“你们听好了,这次我要去甘肃偷一样东西,你们得给我打好掩护,绝对不能说认识我,我该找你们的时候就会去找你们知道了吗?”
黄莘妡答道:“这个我们一定明白,啊,大哥你怎么称呼?”
“我叫卞腾,你们喊我卞大哥就行了。”
“卞大哥。”两人同声喊道,心里都送了一口气。这卞腾只是初步相信了她们,而她们还要从他的眼皮子底下拿走雾心。
看来这偷雾心的任务越来越艰巨了。
教室宿舍。
任濡玉正在一个人整理着床铺,忽然心口传来一阵慌张的感觉,她暗道不好,难道是叶瑜舟出事了?

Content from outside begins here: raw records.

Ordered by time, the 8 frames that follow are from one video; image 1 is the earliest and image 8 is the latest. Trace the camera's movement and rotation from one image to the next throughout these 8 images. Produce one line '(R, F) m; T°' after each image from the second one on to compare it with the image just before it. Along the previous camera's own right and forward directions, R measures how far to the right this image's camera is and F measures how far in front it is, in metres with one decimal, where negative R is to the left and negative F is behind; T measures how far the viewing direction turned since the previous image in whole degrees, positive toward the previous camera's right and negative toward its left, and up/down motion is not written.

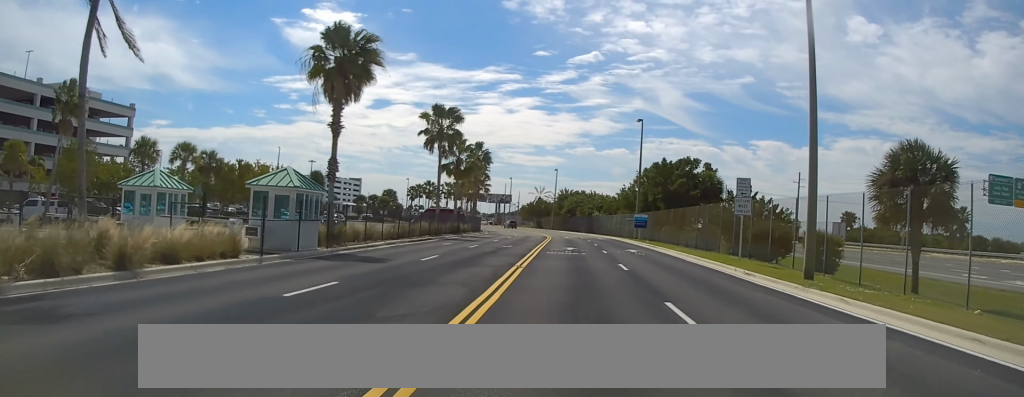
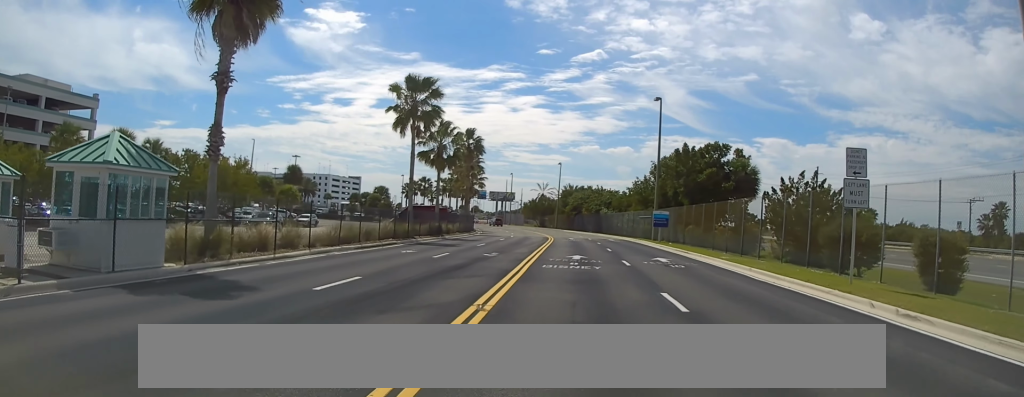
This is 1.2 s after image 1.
(0.0, +10.9) m; 0°
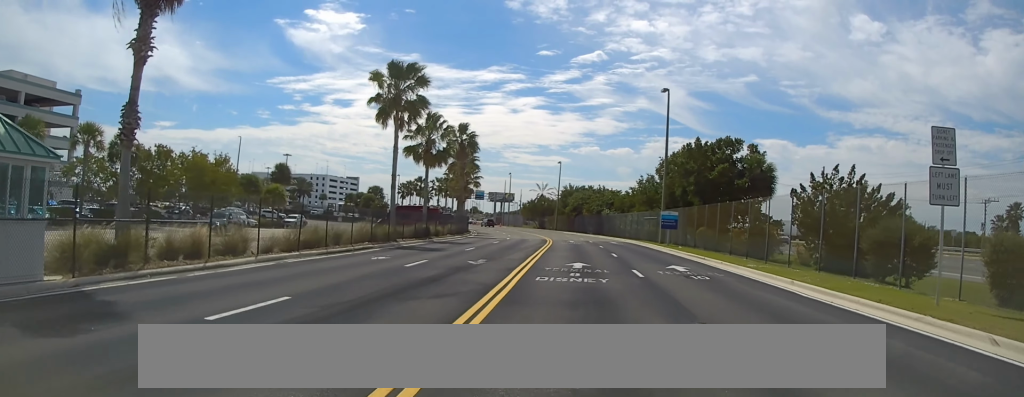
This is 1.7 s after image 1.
(0.0, +4.4) m; 0°
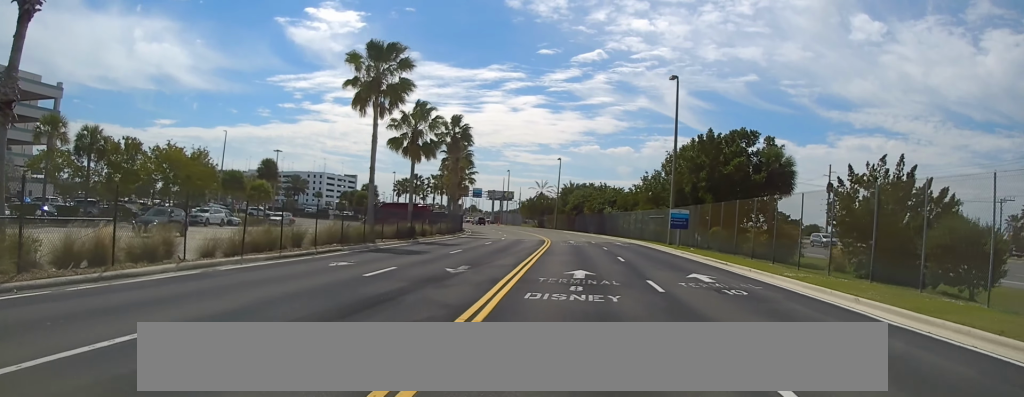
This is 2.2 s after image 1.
(0.0, +4.4) m; 0°
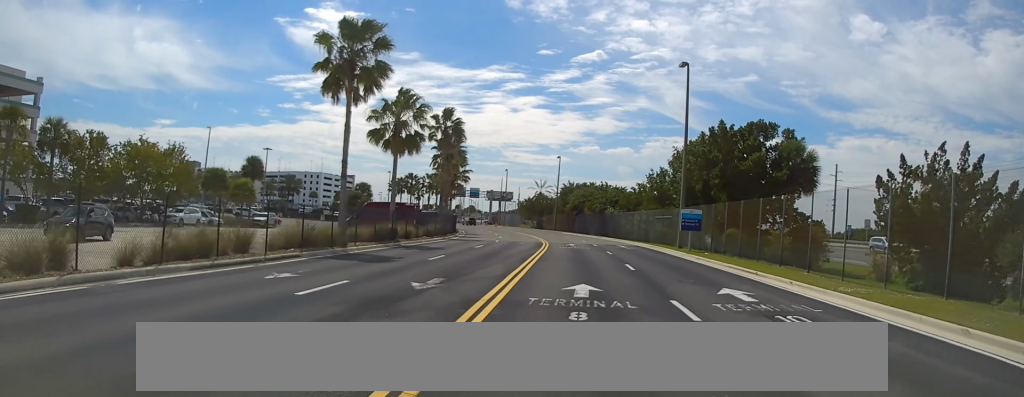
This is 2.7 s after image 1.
(0.0, +4.4) m; 0°
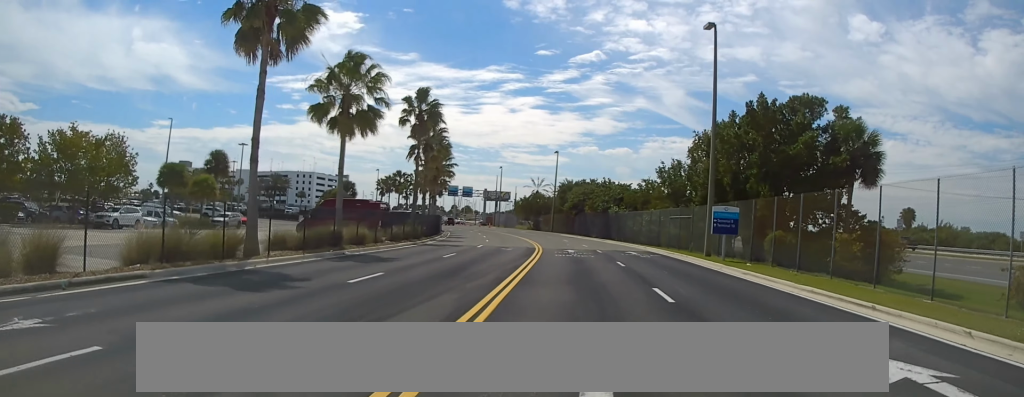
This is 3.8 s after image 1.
(0.0, +9.0) m; -1°
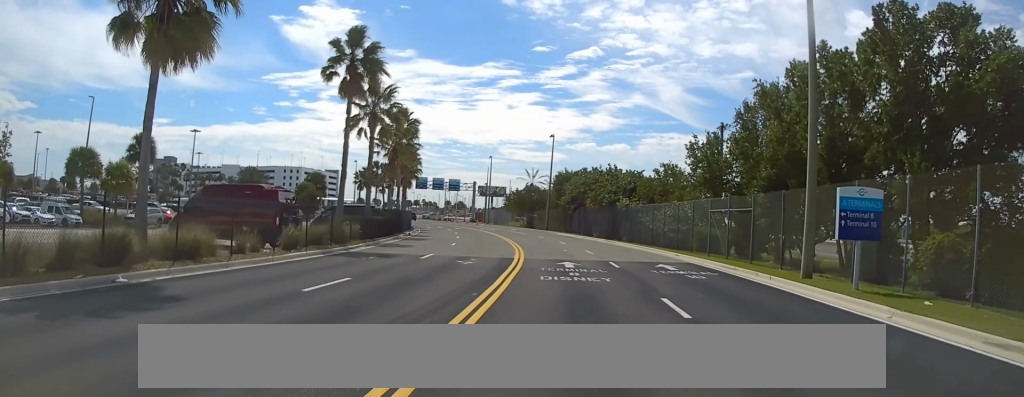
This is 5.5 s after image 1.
(-0.6, +14.8) m; -2°
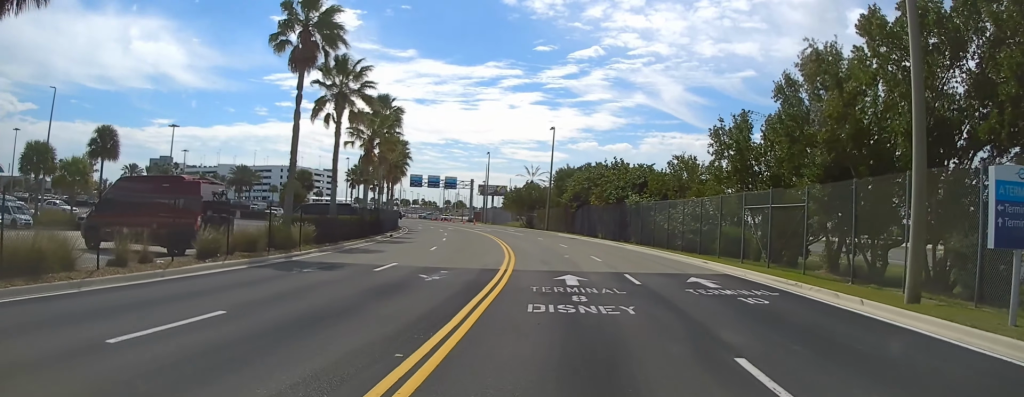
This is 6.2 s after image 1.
(+0.3, +6.4) m; 0°

这一阵感觉持续了10秒左右就淡淡不见,可任濡玉对叶瑜舟却愈发的放不下心。都说相处久了的人如果另一方有什么波动,这一方都会感觉到。
要不是裘箜当年整出那么多幺蛾子,瑜舟一个好好的女孩不能在学校里好好读书,和喜欢的人牵牵小手,平平安安的过完这三年吗?
重重的叹了一口气,任濡玉坐回了早就被叶瑜舟打扫的一尘不染的床铺,看着周围干净的地板和书桌惆帐万千。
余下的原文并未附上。